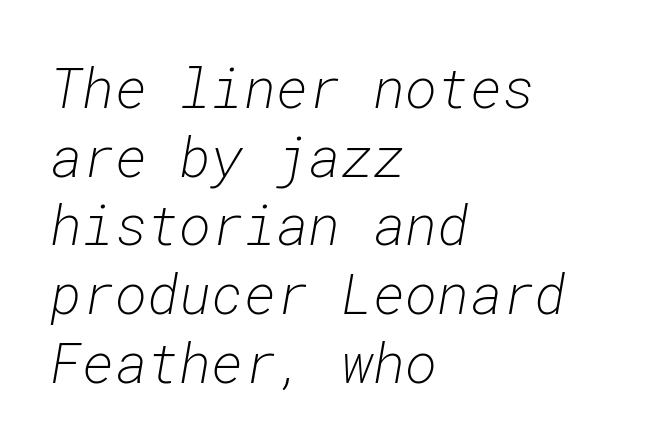
Q: Is the text bold? A: No.
Q: Is the text italic (slanted)? A: Yes, it leans right by about 10 degrees.
Q: Is the text underlined? A: No.
Q: How is the paragraph aligned? A: Left-aligned.
Q: Is the spacing between letters normal or unusually wide? A: Normal.
Q: Is the spacing between lines tight, normal or loose? A: Normal.
Q: Width (condensed, normal, or wide)? A: Normal.
Q: Stroke contrast? A: Low.
Q: x-height? A: Medium.
Q: Monospaced? A: Yes.
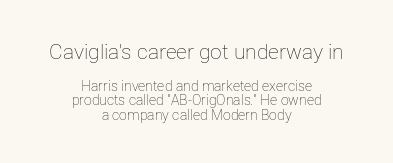
The image shows 21 px text type, upright; set centered, tight line spacing (1.04x), normal letter spacing, not underlined; the first (top) block is 1.5x larger.
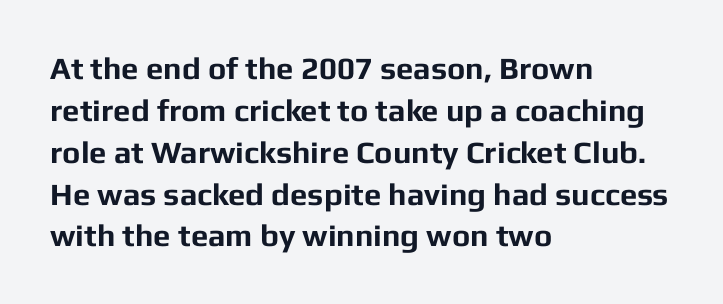
The image shows 31 px bold sans-serif type, upright; set left-aligned, normal line spacing (1.35x), normal letter spacing, not underlined; low stroke contrast and a medium x-height.

■ Instructions for the task ■
Transcribe only these lines, exactly: the first line of the listing, every line after it, and the line with "Q: Monospaced? A: Yes.", where the copy ends. Include no picture.

■ Final answer ■
Q: Is the text bold? A: No.
Q: Is the text italic (slanted)? A: Yes, it leans right by about 10 degrees.
Q: Is the text underlined? A: No.
Q: How is the paragraph aligned? A: Left-aligned.
Q: Is the spacing between letters normal or unusually wide? A: Normal.
Q: Is the spacing between lines tight, normal or loose? A: Normal.
Q: Width (condensed, normal, or wide)? A: Normal.
Q: Stroke contrast? A: Low.
Q: x-height? A: Medium.
Q: Monospaced? A: Yes.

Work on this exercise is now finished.